The bank seeks to make a point against Westerman, because he admitted on cross-examination that, although unauthorized, it was all right for Williams to sell his wheat and get the money for it. But what of that? Williams converted the money to his- own use by placing it to his own credit in the bank. Certainly Westerman did not loan Williams the money; he did not know of either the sale or' conversion. He did not condone the conversion. Counsel for the bank say:

“In our opinion, under the facts as developed in this case, it would be a dangerous precedent to say that simply because some depositor of a bank should make away with moneys belonging to another a considerable period of time prior thereto that in order to hold the bank liable all that is necessary is to show that the one who made way with the money had at the time been a depositor at the bank and still carried a deposit therein. . . .
“Assuming for the sake of argument only, that Williams sold all of Westerman’s wheat and deposited the whole of the proceeds in appellant’s bank and then as trustee of these funds checked it out indiscriminately for current business expenses, the bank surely could not be held liable in any manner or under any conceivable circumstances unless it had knowledge that the funds so checked out as aforesaid were trust funds.”

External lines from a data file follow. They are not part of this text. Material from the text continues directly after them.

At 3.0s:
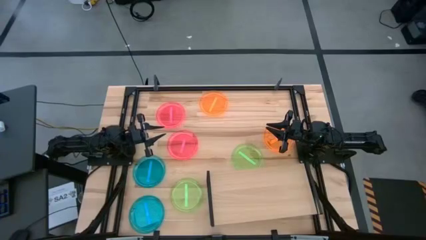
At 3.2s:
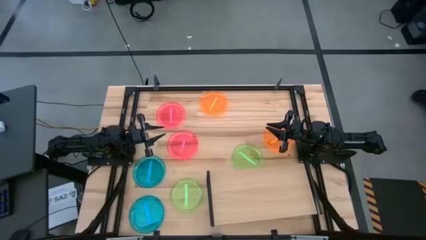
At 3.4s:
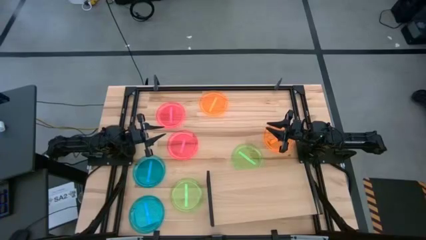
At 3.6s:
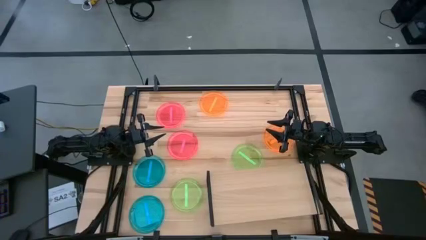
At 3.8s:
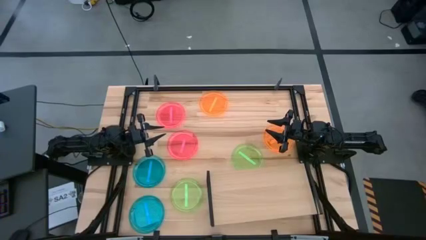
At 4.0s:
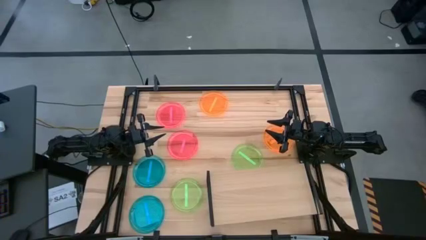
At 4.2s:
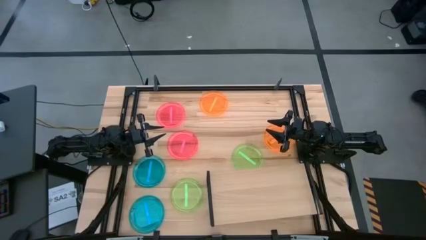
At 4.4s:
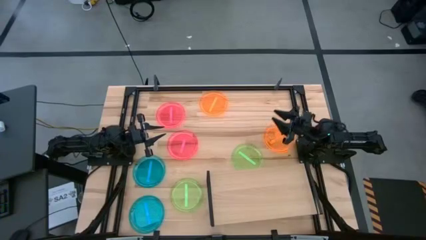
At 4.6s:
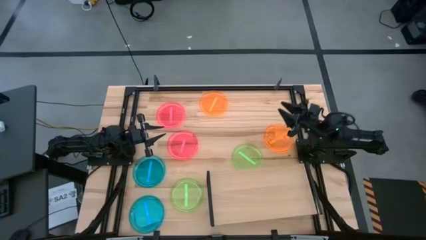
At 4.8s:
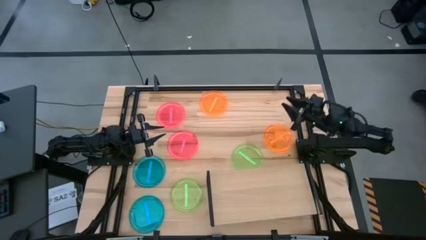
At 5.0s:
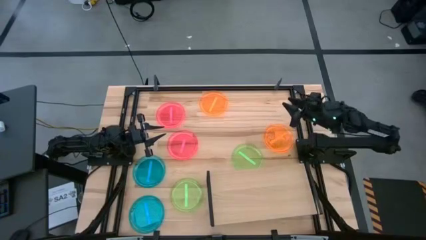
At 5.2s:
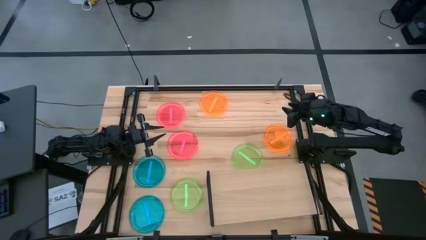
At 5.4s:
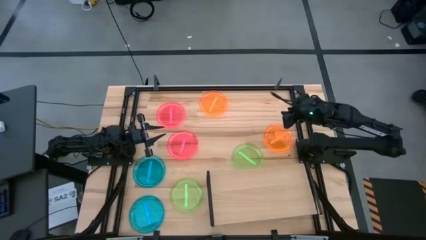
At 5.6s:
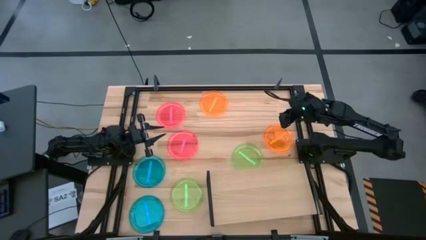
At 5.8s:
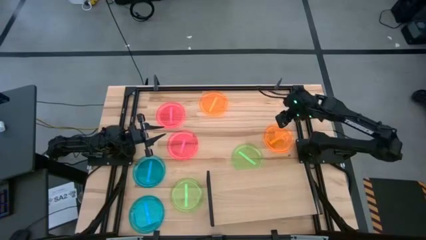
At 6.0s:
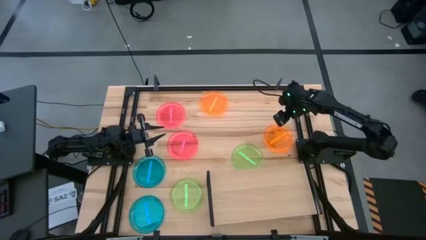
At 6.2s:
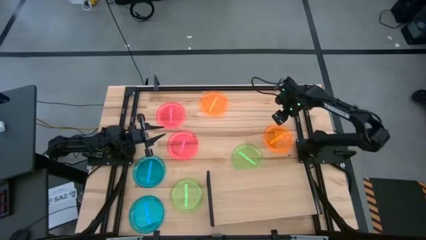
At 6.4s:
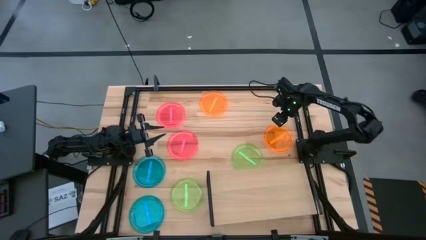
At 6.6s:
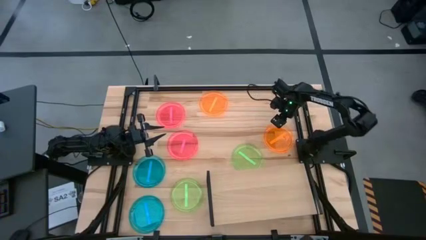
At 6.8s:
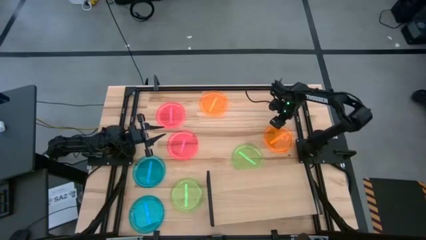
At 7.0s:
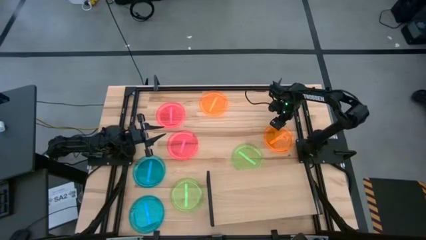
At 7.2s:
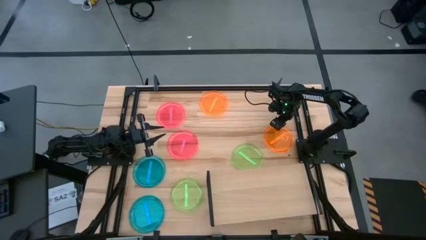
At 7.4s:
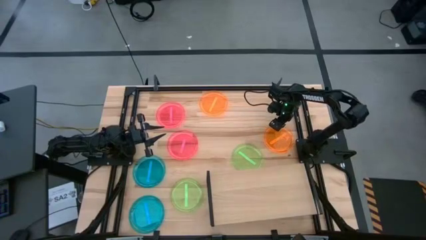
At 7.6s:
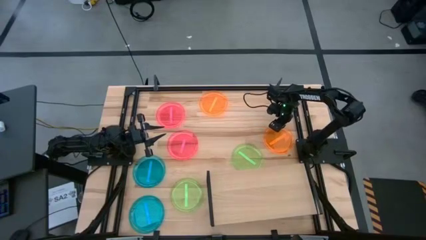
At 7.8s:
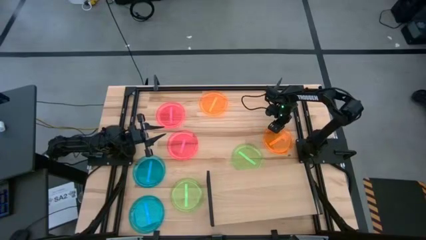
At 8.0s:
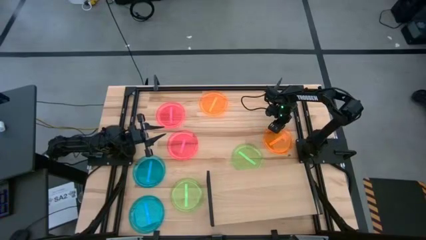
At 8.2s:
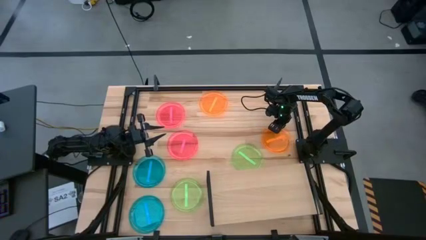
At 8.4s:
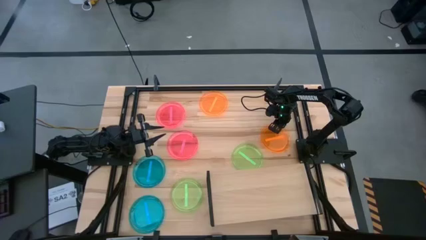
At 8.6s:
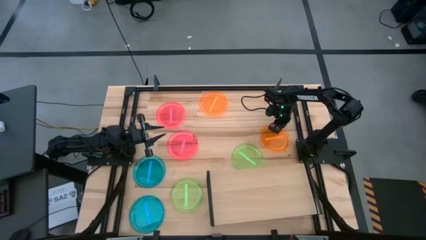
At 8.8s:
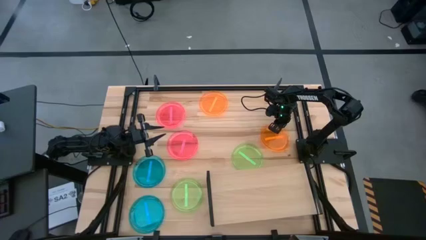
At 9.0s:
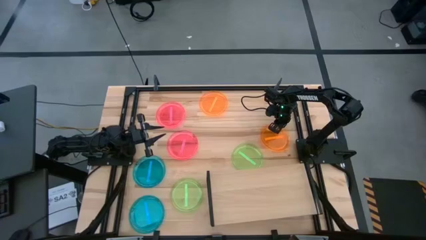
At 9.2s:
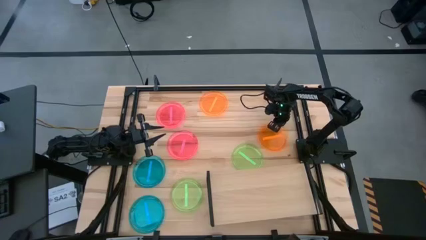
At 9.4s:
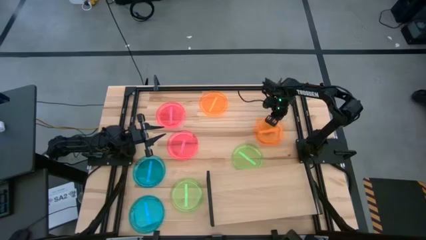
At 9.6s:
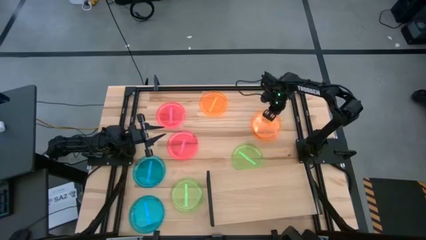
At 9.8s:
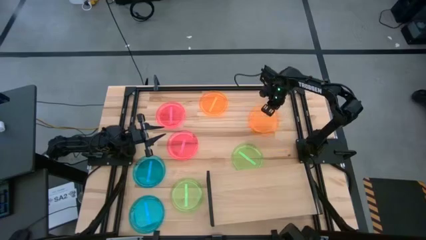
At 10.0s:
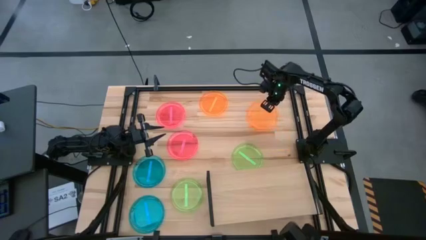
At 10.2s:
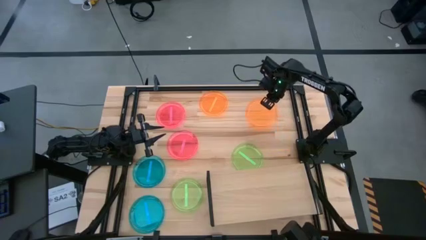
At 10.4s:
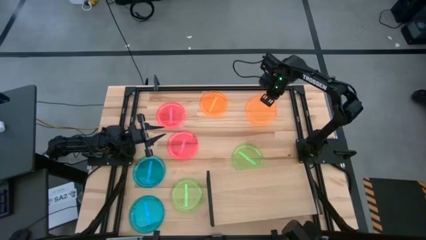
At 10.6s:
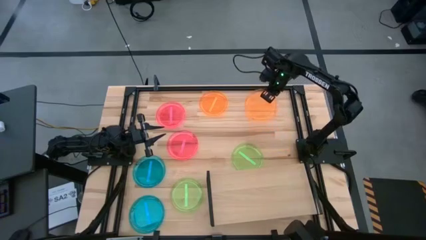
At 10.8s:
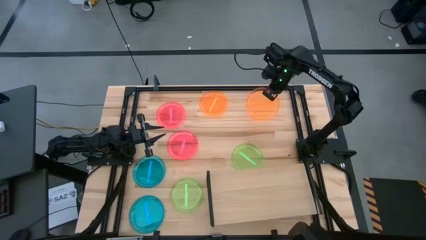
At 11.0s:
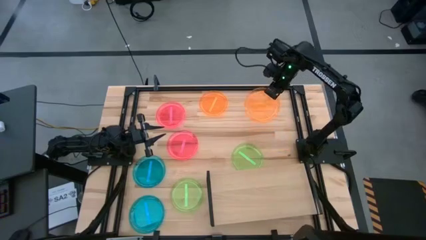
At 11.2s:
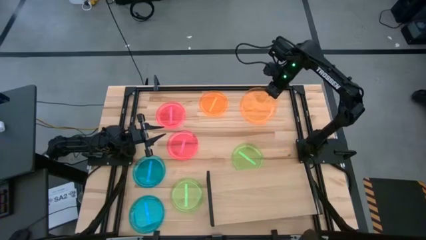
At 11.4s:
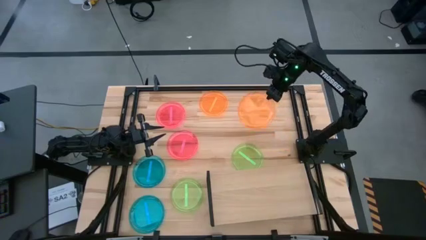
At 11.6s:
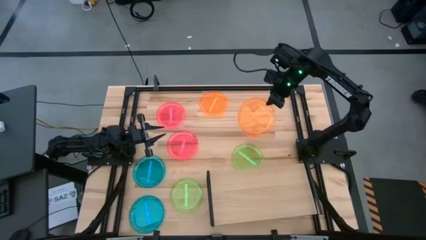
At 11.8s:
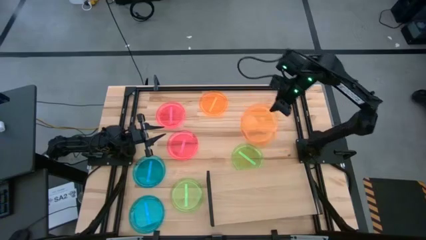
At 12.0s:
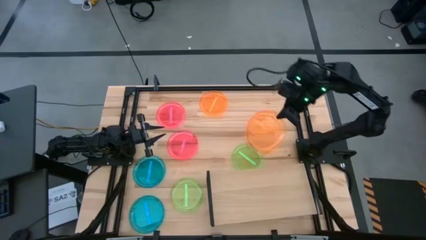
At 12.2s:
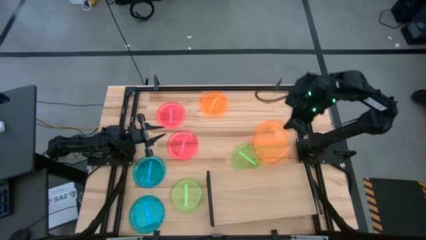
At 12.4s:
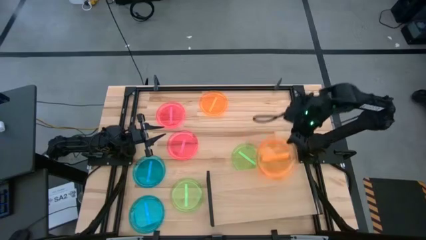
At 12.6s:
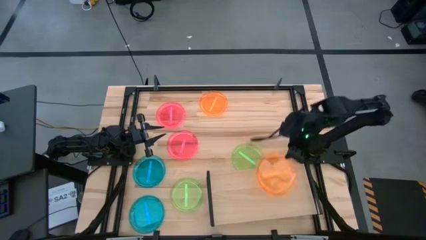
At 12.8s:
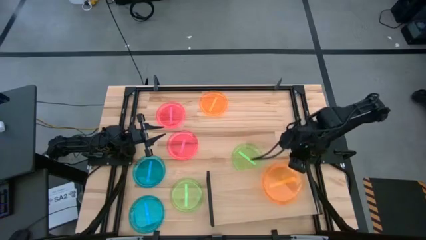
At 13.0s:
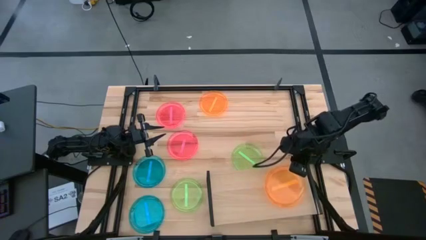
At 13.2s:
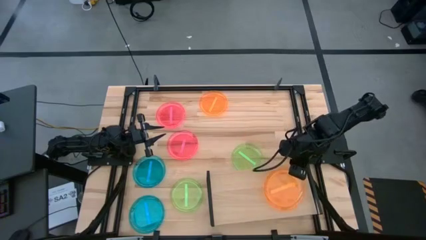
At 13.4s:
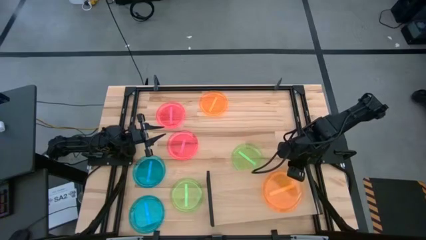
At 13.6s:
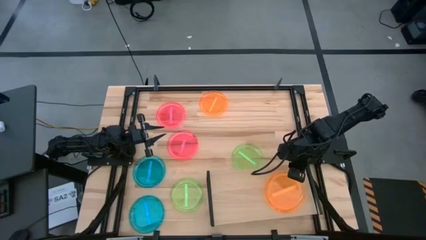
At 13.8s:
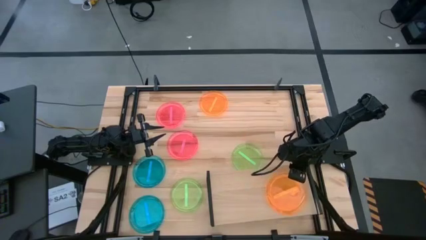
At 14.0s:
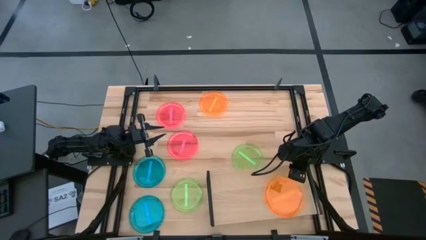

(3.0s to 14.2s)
Task: Place and stack plates onto a shelf
Put the right orange plate on the shelf

But let us not confuse or mistake the issue. No liability was sought tó be imposed on the bank because of Williams’ wrongdoing. This is not an action to impose a liability on the bank. It is simply a three-cornered fight between the bank, Westerman, and Turner to secure a sum of money in a debtor’s checking account. And the evidence was amply sufficient that the checking account contained the proceeds of Westerman’s wheat. The deposit account therefore was properly subjected to the satisfaction of Westerman’s claim, which can no more be said to impose a liability on the bank than it imposes a liability on Turner, although both of them are excluded from that part of the fund because of Westerman’s superior right thereto. Nor does this result from any supposed sanctity of a landlord’s lien. It would have been just the same if Williams had come *778into possession of anybody’s money, derived from any source, and he had put it into his own bank account. The party whose money it was could follow it and impress a trust upon it superior to that of the bank so long as the bank permitted it to remain in its customer’s checking account, and likewise superior to that of a garnisheeing creditor. (39 Cyc. 528; 26 R. C. L. 1232, et seq.)

The other matters argued by the bank have all been carefully considered, but need no discussion. The court can discern no material error in the record which would justify a reversal either in behalf of plaintiff or the bank; and the judgment is therefore affirmed.